Very very beautiful horses!!! Love the tack too! Where do you live? It looks gorgeous!!!!


----------



## gaelgirl (Mar 3, 2011)

Your horses are georgous (Mack is my fave). I also love your tack, that's great work!


----------



## bubba13 (Jan 6, 2007)

Thank you everyone!

My horses may be purty, but trust me, you don't want 'em. They're mostly hunks o' junk. Fat, spoiled brats.

I'm in SW MO. Some of those pictures are a year or two old--we're sure 'nough not that green and nice now, though we'll be there within a month. Currently it's a nasty mud pit. Yuck. And about a month ago, it looked like this:





































I hate snow.


----------



## armydogs (Apr 14, 2010)

Absolutely beautiful horses and tack. You have definitely picked the right colors for all of them. 

Where about in SW Mo are you in? I lived in Neosho/Joplin for about 5 years. Hope to eventually retire there.


----------



## cakemom (Jul 4, 2010)

Beautiful!!
_Posted via Mobile Device_


----------



## flytobecat (Mar 28, 2010)

Your horses are gorgeous. I'll take them all even if they are "fat, spoiled brats", but you can keep the snow


----------



## bubba13 (Jan 6, 2007)

Armydogs, I'm near Springfield.


----------



## Golden Horse (Feb 20, 2010)

Who would want a bunch of known killers like that??

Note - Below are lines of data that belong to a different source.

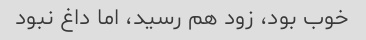
خوب بود، زود هم رسید، اما داغ نبود
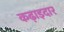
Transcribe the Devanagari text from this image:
कढ़ाइदार
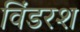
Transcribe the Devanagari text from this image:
विंडरश
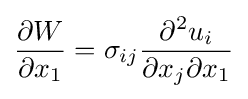
{\frac {\partial W}{\partial x_{1}}}=\sigma _{ij}{\frac {\partial ^{2}u_{i}}{\partial x_{j}\partial x_{1}}}
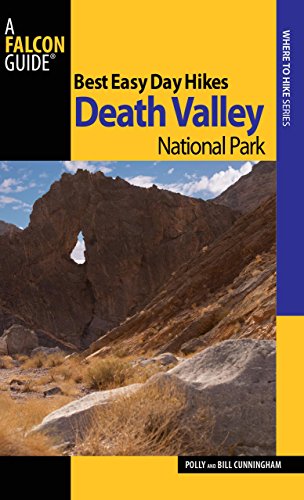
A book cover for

From the pics that Bubba has shared I know of at least two innocent snowmen who were savaged by that herd of dangerous beasts.


----------



## bubba13 (Jan 6, 2007)

I do not have the slightest clue what you are talking about.


----------



## bubba13 (Jan 6, 2007)




----------



## corinowalk (Apr 26, 2010)

I love the picture of Bones with that full "Ahhh Bliss, people ARE delicious!" look.


----------



## SMCLeenie (Mar 3, 2011)

those pictures with the snowmen are adorable!


----------



## MajorSealstheDeal (Jan 4, 2011)

great photography in many of those shots. and the beautiful horses of course.


----------



## apachewhitesox (Dec 9, 2010)

All of your horses are gorgeous and I love your tack. I like the picture of Bones trotting with her ears pinned back it somehow reminds me of a bunny.


----------



## bubba13 (Jan 6, 2007)

Thank you everyone.


----------



## MyBoyPuck (Mar 27, 2009)

:rofl::rofl::rofl: I don't know why a pics of horses dissecting snowmen is so funny, but it is!! That's just too funny. I love the one where they're eating his stick arm.


----------



## RockandRide (Jan 23, 2011)

Those pictures are AWESOME! And I love the tack, its amazing!


----------



## Whisper22 (Jan 2, 2011)

Sawyers mane is insane. They are all really nice looking pieces of junk.


----------



## ManeTailz (Mar 12, 2011)

These are lovely horses you have, I love them all! <3


----------



## sarahver (Apr 9, 2010)

bubba13 said:


> ...so might as well share a few pics as a means of introduction.
> 
> 
> 
> ...


 
Good intro, and welcome! I love love loved all the pictures of the horses staring at the snowman, so cute!


----------



## Sunny (Mar 26, 2010)

Beautiful horses, and gorgeous tack!
_Posted via Mobile Device_


----------



## dannyboy834 (Feb 26, 2011)

The pics of the snowmen are hilarious! I love how the one guy is afraid of it, but the others decide to eat it. Makes me want to build a snowman in our pasture to see what they do :lol:


----------



## bubba13 (Jan 6, 2007)

Once again, thank you everyone. I'm certainly no photographer, but I've got a cheapy little Canon digital camera and the photo editing software that came free with my laptop, and sometimes things just turn out surprisingly well after I play with them...


----------



## jclemence5 (Apr 10, 2011)

Wow. Your horses are absolutely GORGEOUS and I adore the tack! Thanks for sharing!


----------